> **Exercise brief**:
Print the lines below word for word, beginning with the first and ending with the line that holds "3. How old is he? 79", and skip every picture.

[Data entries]
┌──

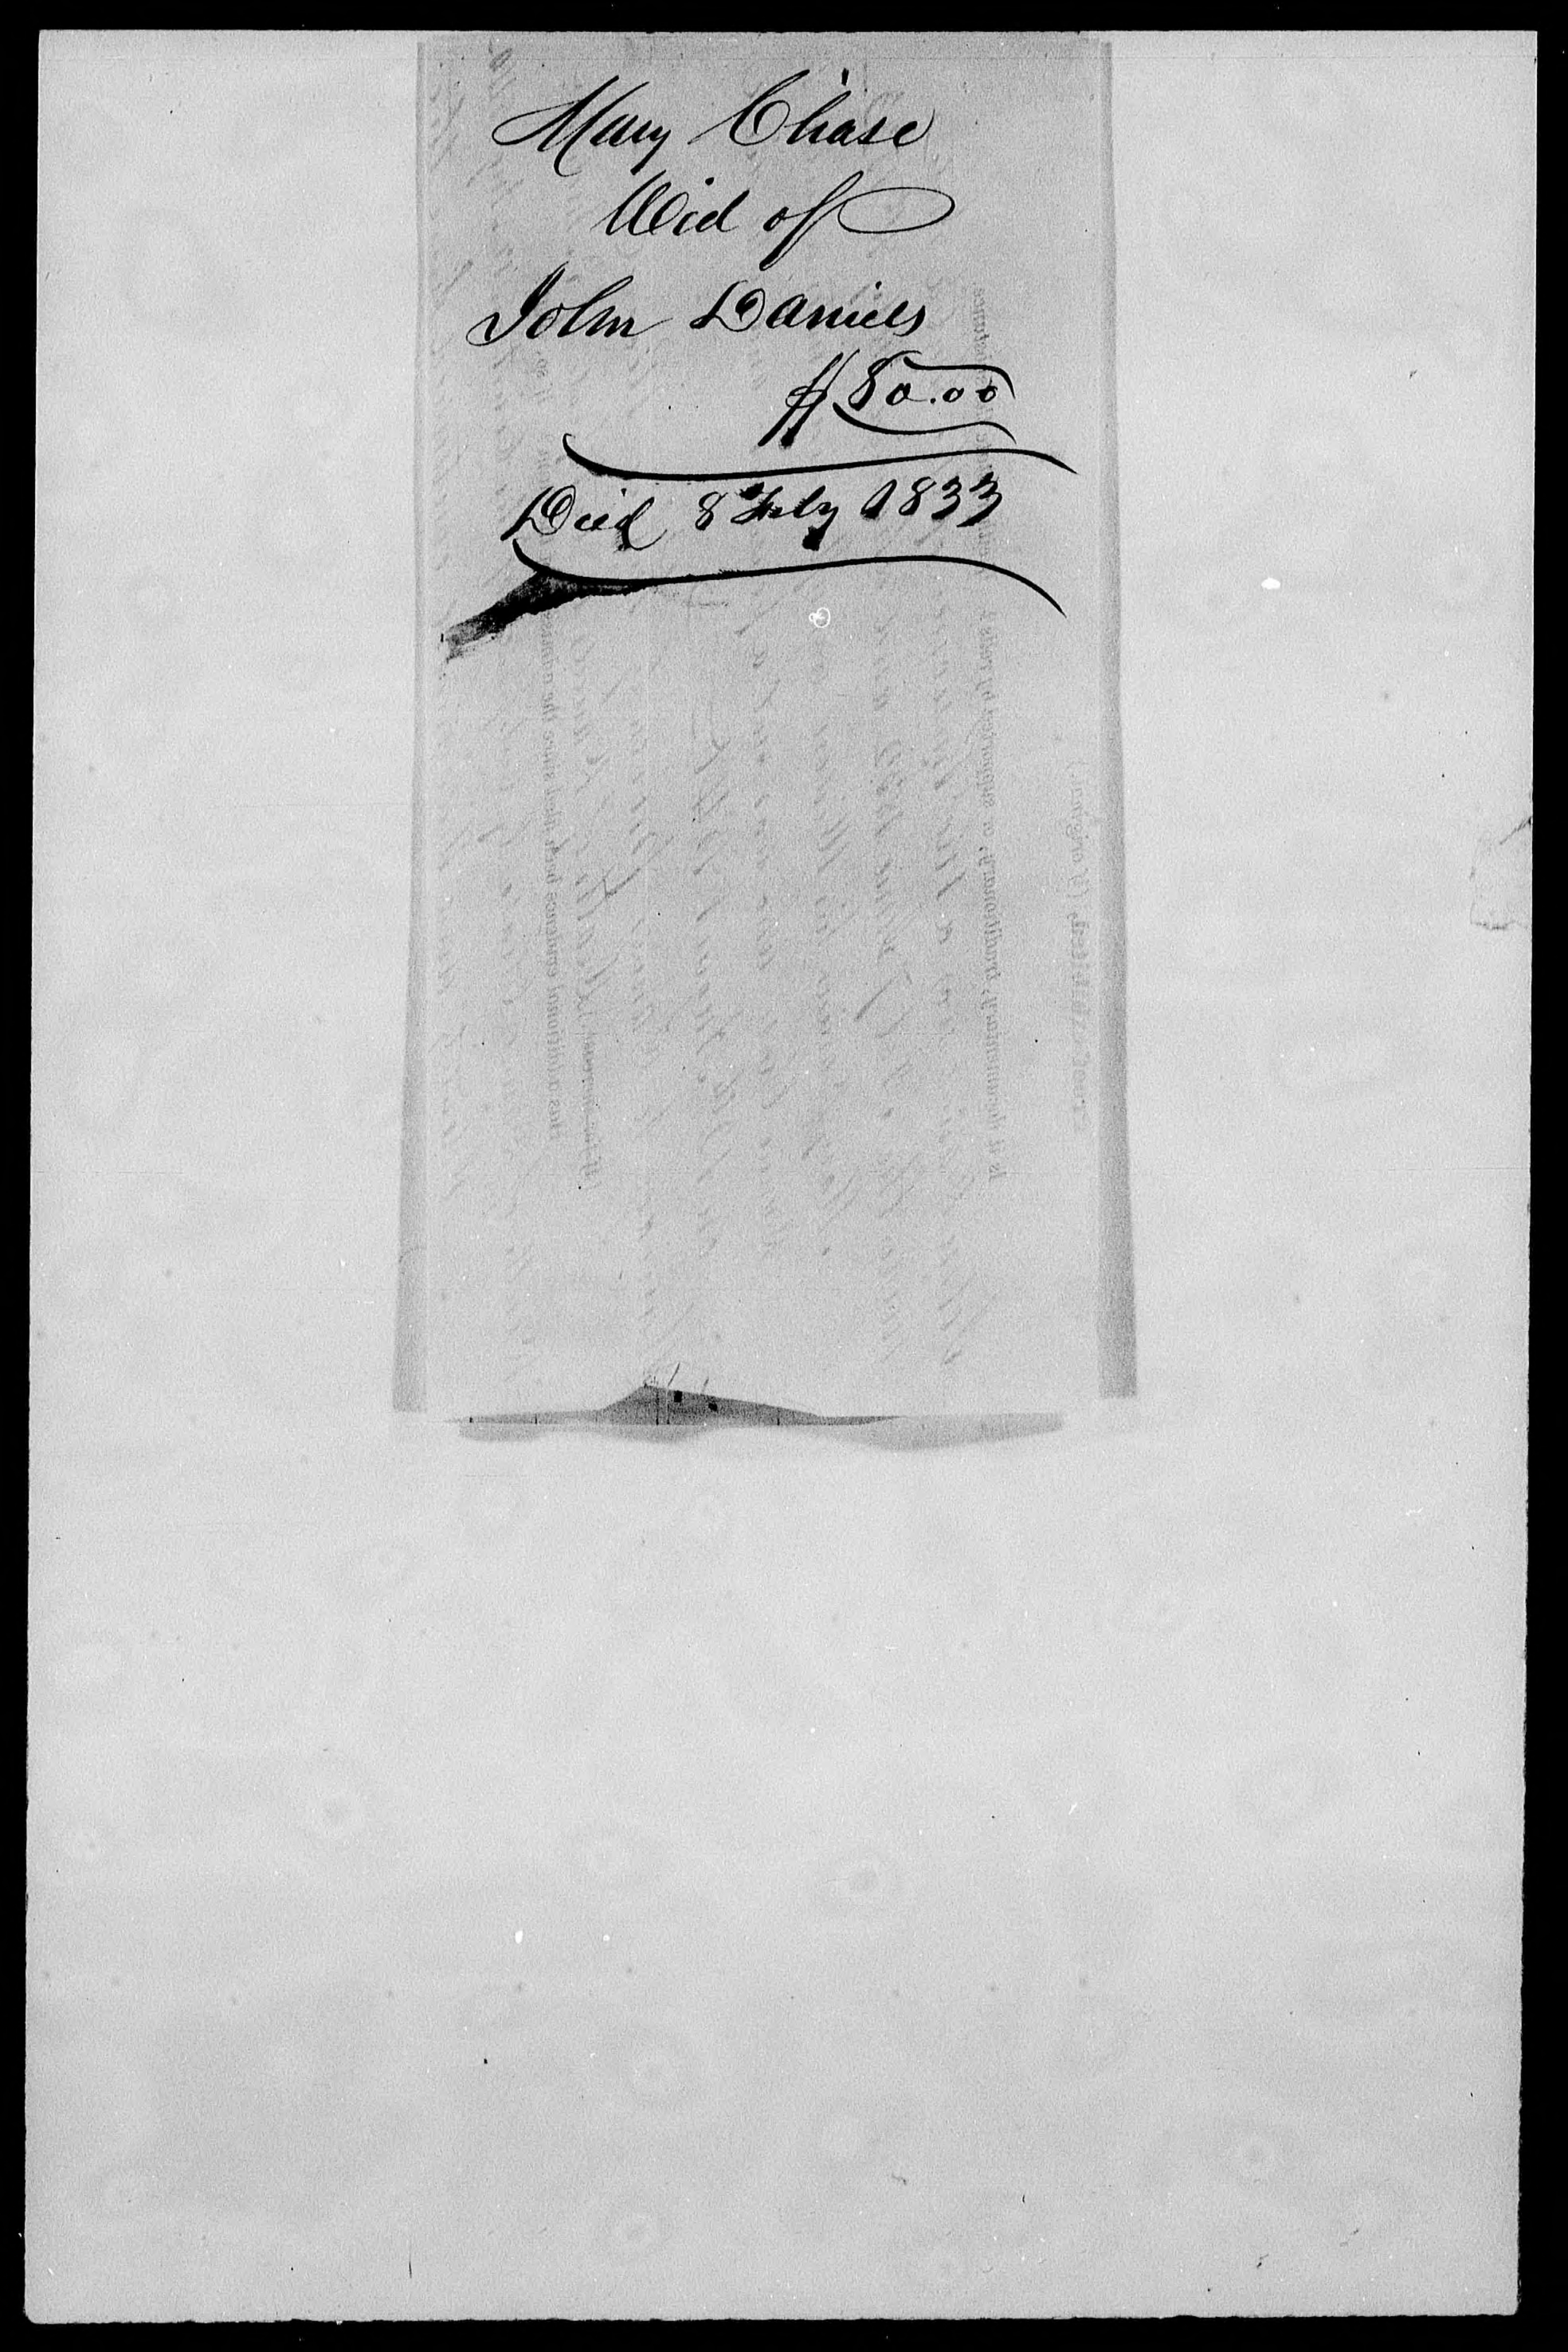Mary Chase
Wid of
John Daniels
$80.00
Died 8 Feby 1833

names: Mary Chase, John Daniels
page: 20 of 43
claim: widow's
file: W 683, John Daniels, Continental Mass. N.H.
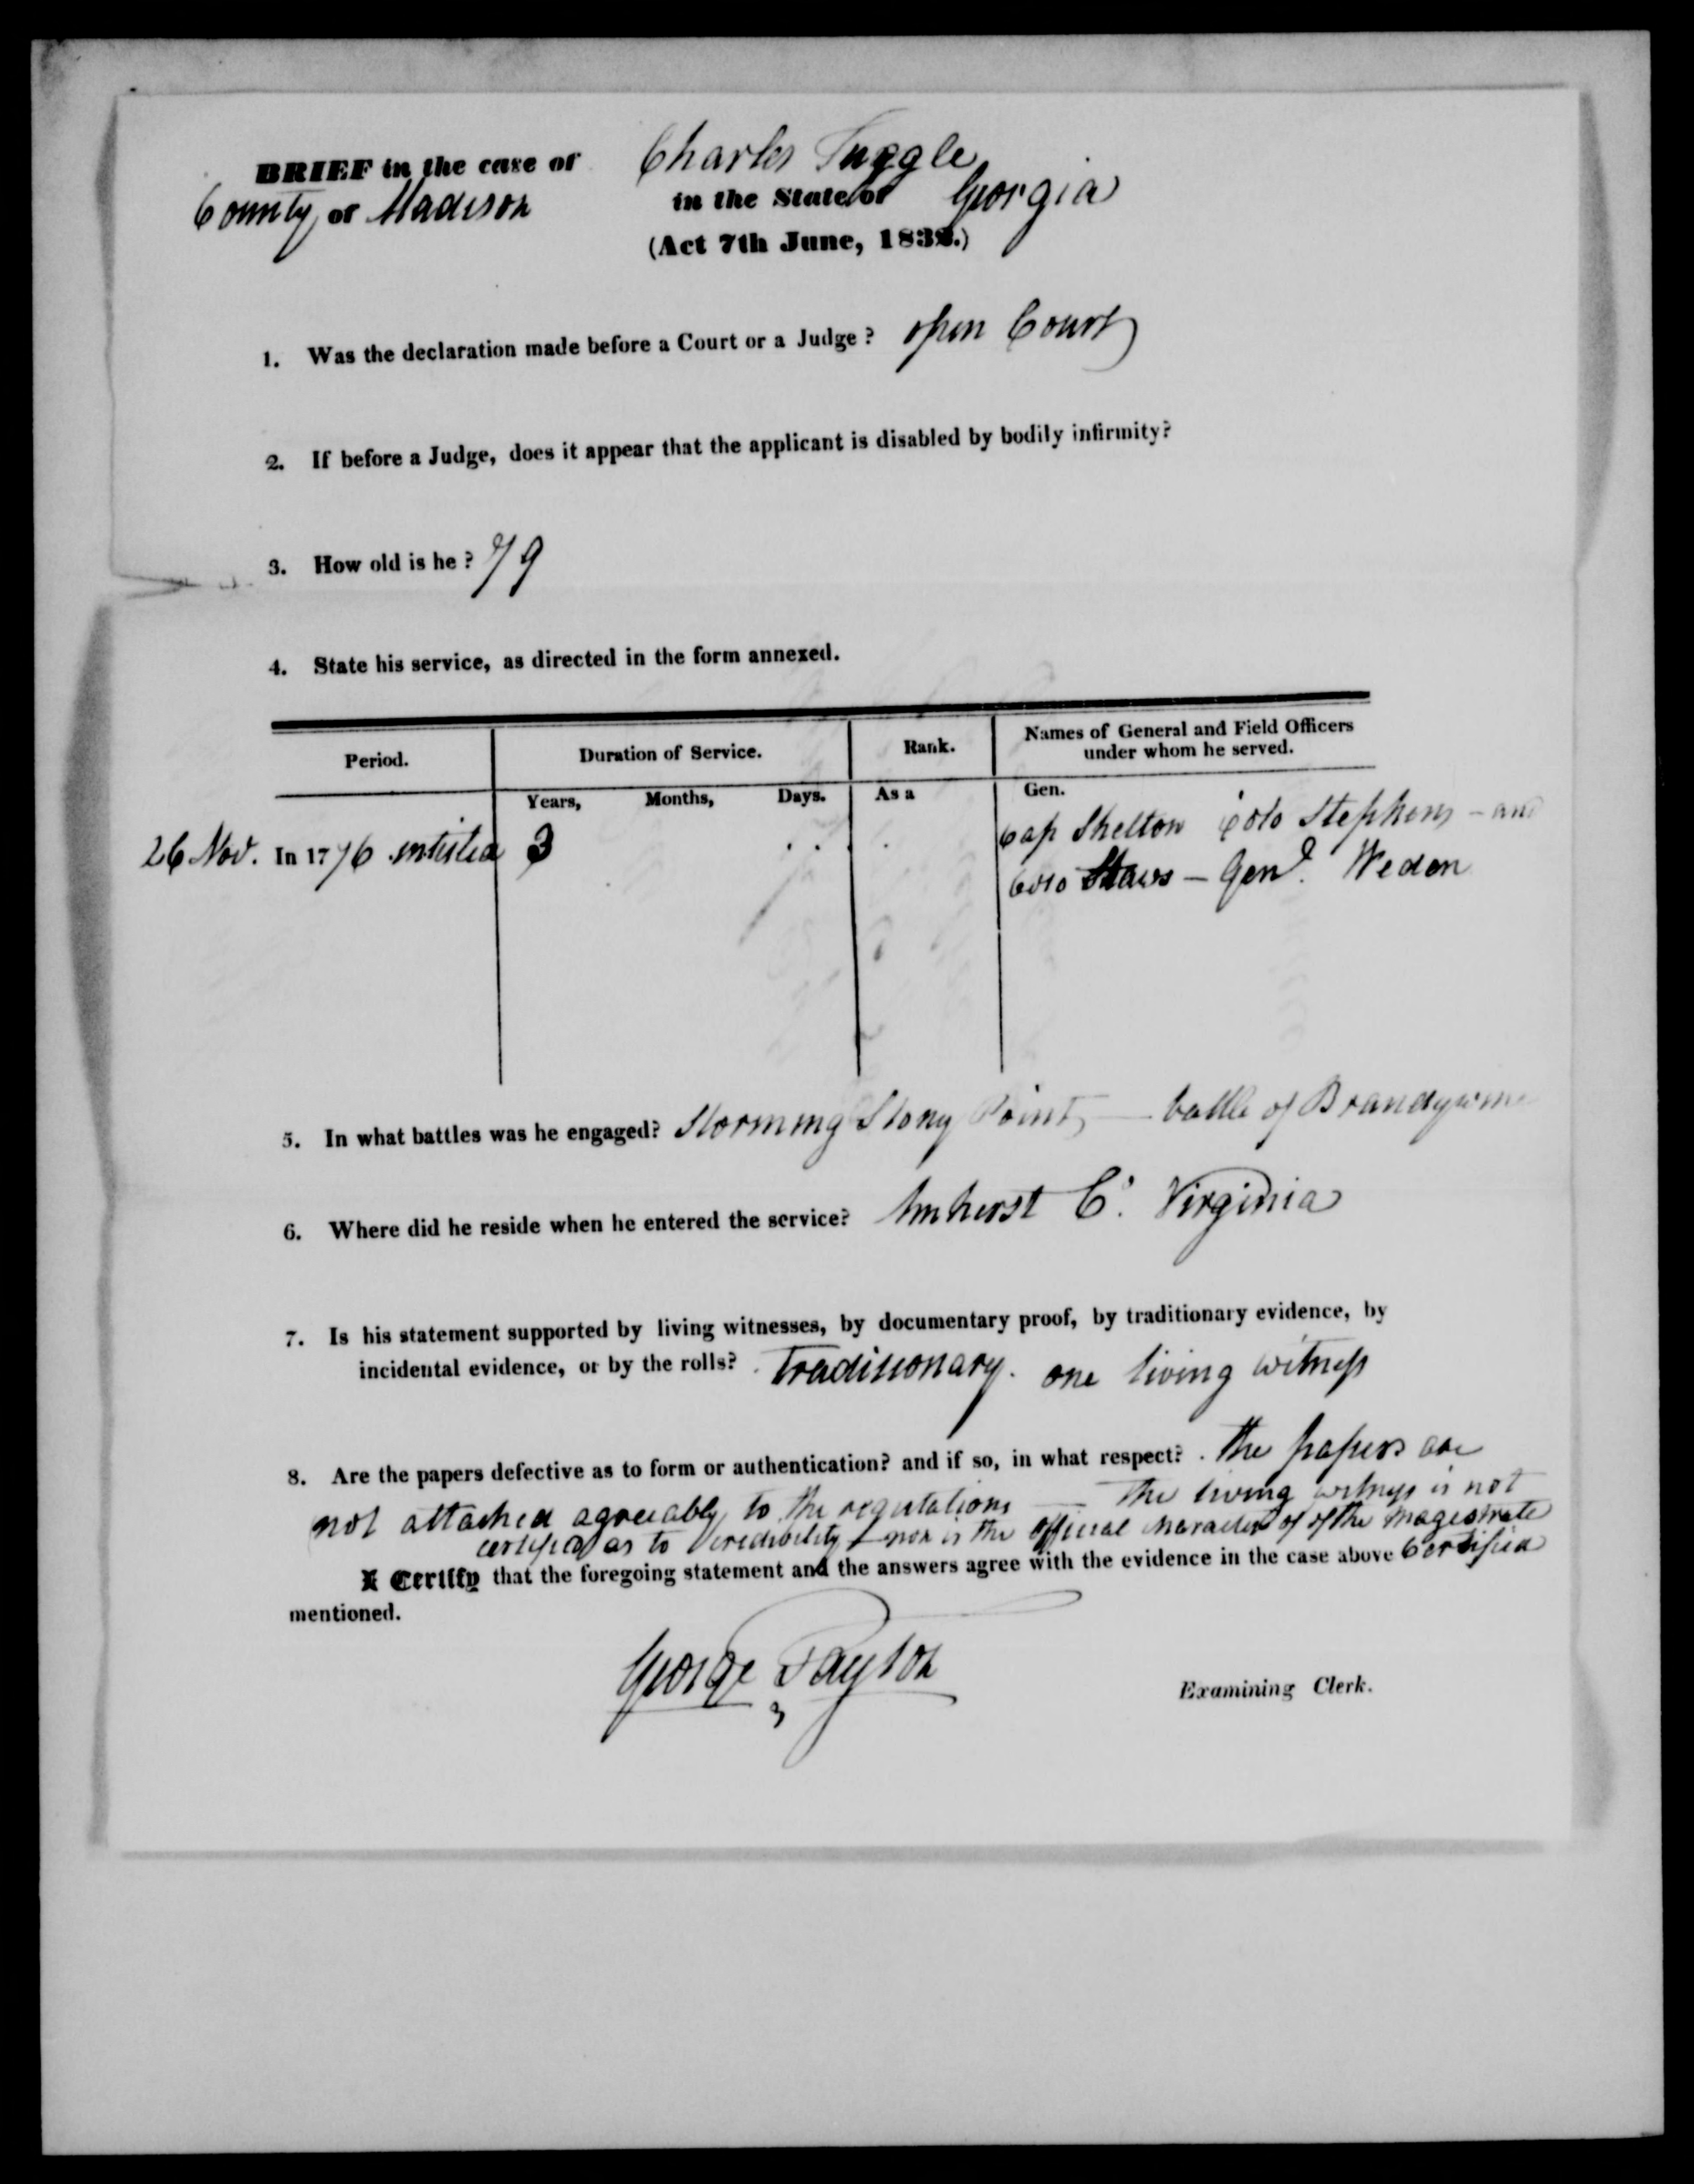BRIEF in the case of Charles Tuggle
County of Madison in the State of Georgia
Act 7th June, 1832
1. Was the declaration made before a Court or a Judge? Open Court
2. If before a Judge, does it appear that the applicant is disabled by bodily infirmity:
3. How old is he? 79
4. State his service, as directed in the form annexed.
Period.
26 Nov. In 1776 militia
Duration of Service.
Years, 3
Months,
Days.
Rank. 
As a 
Names of General and Field Officers
under whom he served.
Gen.
Cap Shelton Col Stephens - and
Col Stares - Genl. Weden
5. In what battles was he engaged? Storming Stony Point battle of Brandywine
6. Where did he reside when he entered the service? Amherst C. Virginia
7. Is his statement supported by living witnesses, 
by documentary proof, by traditionary evidence, by
incidental evidence, or by the rolls? Traditionary. one living witness
8. Are the papers defective as to form or authentication? and if so, in what respect? the papers are not attached agreeably to the regulations - the living witness is not 
certified as to credibility - nor is the official narration of the magistrate certified
Certify that the foregoing statement and the answers agree with the evidence in the case above mentioned. 
George Taylor
Examining Clerk.

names: Shelton, George Taylor, Stephens, Staws, Weden, Charles Tuggle
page: 6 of 23
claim: survivor's
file: S. 32559, Charles Tuggle, Va.

└──

> **Solved problem**:
Mary Chase
Wid of
John Daniels
$80.00
Died 8 Feby 1833

names: Mary Chase, John Daniels
page: 20 of 43
claim: widow's
file: W 683, John Daniels, Continental Mass. N.H.
BRIEF in the case of Charles Tuggle
County of Madison in the State of Georgia
Act 7th June, 1832
1. Was the declaration made before a Court or a Judge? Open Court
2. If before a Judge, does it appear that the applicant is disabled by bodily infirmity:
3. How old is he? 79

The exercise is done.